Following the relegation at the end of 2005–06 Serie A season, Reginaldo moved to Serie A club ACF Fiorentina from Udinese for €1 million. He played 27 games and scored six goals for Fiorentina during the 2006–07 Serie A season, after which he moved to league rivals Parma F.C., signing a 5-year contract.

===Parma===
Parma succeeded in signing Reginaldo for a €4.5 million fee. He was one of the forwards of the team along with Igor Budan, Cristiano Lucarelli and Bernardo Corradi. Reginaldo started most of the game, and Corradi was the second. That season Parma used a 4–3–3 or 4–5–1 formation, and Budan was the top scorer of 7 goals. Among the four goals were played along with Reginaldo.

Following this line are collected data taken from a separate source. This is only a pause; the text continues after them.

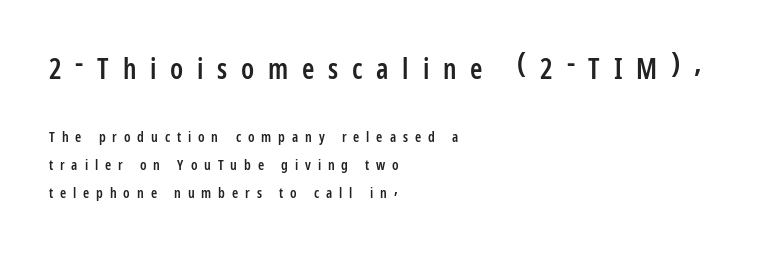
Q: Is the text bold? A: Semi-bold.
Q: Is the text italic (slanted)? A: No, it is upright.
Q: Is the typeface a serif or a sans-serif typeface? A: Sans-serif.
Q: Is the text underlined? A: No.
Q: How is the paragraph aligned? A: Left-aligned.
Q: Is the spacing between letters normal or unusually wide? A: Unusually wide.
Q: Is the spacing between lines tight, normal or loose? A: Loose.
Q: Which block of text is set in a larger size, the first (top) or the second (bottom)? A: The first (top) one.
Q: Width (condensed, normal, or wide)? A: Condensed.
Q: Stroke contrast? A: Low.
Q: x-height? A: Medium.
Q: Monospaced? A: No.

Parma were relegated at the end of the 2007–08 Serie A season, but Reginaldo stayed with the club for the 2008–09 Serie B season. Having helped Parma win promotion for the 2009–10 Serie A, he moved to Serie A rivals A.C. Siena, signing a contract on 27 June 2009 in a co-ownership deal.

===Siena===
In June 2009 Siena signed Reginaldo from Parma in a co-ownership deal for a €2.5 million fee as well as Francesco Parravicini in a definitive deal for €2.5 million fee, as part of a cashless swap that Daniele Galloppa moved to Parma also in a co-ownership deal for €5 million fee. Reginaldo followed the team relegated to 2010–11 Serie B.

Under Antonio Conte, Reginaldo scored seven goals and won promotion back to Serie A. The co-ownership was also terminated in June 2011 as part of Galloppa and Gonçalo Brandão's deal. Parma got the full card of Galloppa for pre-agreed €5 million fee, while Siena got Reginaldo for pre-agreed €2.5M fee as well as Ângelo for €2.5 million fee.

===JEF United Chiba===
In March 2012, Siena announced that Reginaldo would go out on loan to Japanese club JEF United Chiba. The loan agreement was supposed to run until December 2012, but after ten games and no goals, he returned in June to Siena.

===Vasco da Gama===
Reginaldo returned to Brazil in June 2013 on a free transfer. After a series of disappointing performances, he was released.

===Return to Italy===
Circa mid-2016 Reginaldo returned to Italy for Serie C club Paganese. He was about to join Serie D club Sambenedettese in January 2016. However, the move was blocked by a non-EU players rule of Italian Football Federation, that amateur club can only sign two non-EU players, given an application was submitted on 31 December 2015. He obtained a resident status in Italy in February 2016, making him eligible for a European Union passport.

On 31 July 2017, Reginaldo was signed by another Serie C club Trapani on a one-year contract. In January 2018 he joined Serie B club Pro Vercelli.

In July 2018, Reginaldo joined Serie C club Monza.

On 17 July 2019, he joined Reggina.

On 17 September 2020 he signed a 2-year contract with Catania.

In September 2021, Reginaldo signed with Picerno.

After two Serie C seasons with Picerno, on 7 August 2023, Reginaldo moved down to Serie D to join newly promoted club Real Casalnuovo. After leaving Real Casalnuovo by the end of the season, he moved further down the leagues by joining Catona, a small Calabrian Prima Categoria amateur club, in January 2025.